DATA PROVIDED
Start of Block

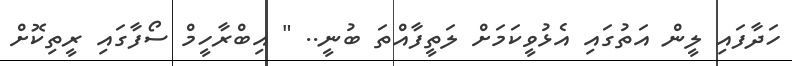
ހަދާފައި ލީން އަތުގައި އެޅުވީކަމަށް ލަތީފާއްތަ ބުނީ.. " އިބްރާހީމް ސޯފާގައި ރީތިކޮށް
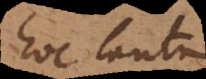
hoc tantum
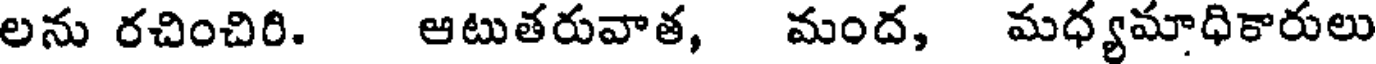
లను రచించిరి. ఆటుతరువాత, మంద, మధ్యమాధికారులు
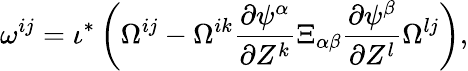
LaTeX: \omega^{ij}=\iota^{*}\left(\Omega^{ij}-\Omega^{ik}\frac{\partial\psi^{\alpha}}{\partial Z^{k}}\Xi_{\alpha\beta}\frac{\partial\psi^{\beta}}{\partial Z^{l}}\Omega^{lj}\right),
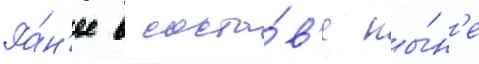
Ра́н'ее в соста́в'е ны́н'е

End of Block

Give back the material exactly as written, images excluded.

RESULT
ހަދާފައި ލީން އަތުގައި އެޅުވީކަމަށް ލަތީފާއްތަ ބުނީ.. " އިބްރާހީމް ސޯފާގައި ރީތިކޮށް
hoc tantum
లను రచించిరి. ఆటుతరువాత, మంద, మధ్యమాధికారులు
LaTeX: \omega^{ij}=\iota^{*}\left(\Omega^{ij}-\Omega^{ik}\frac{\partial\psi^{\alpha}}{\partial Z^{k}}\Xi_{\alpha\beta}\frac{\partial\psi^{\beta}}{\partial Z^{l}}\Omega^{lj}\right),
Ра́н'ее в соста́в'е ны́н'е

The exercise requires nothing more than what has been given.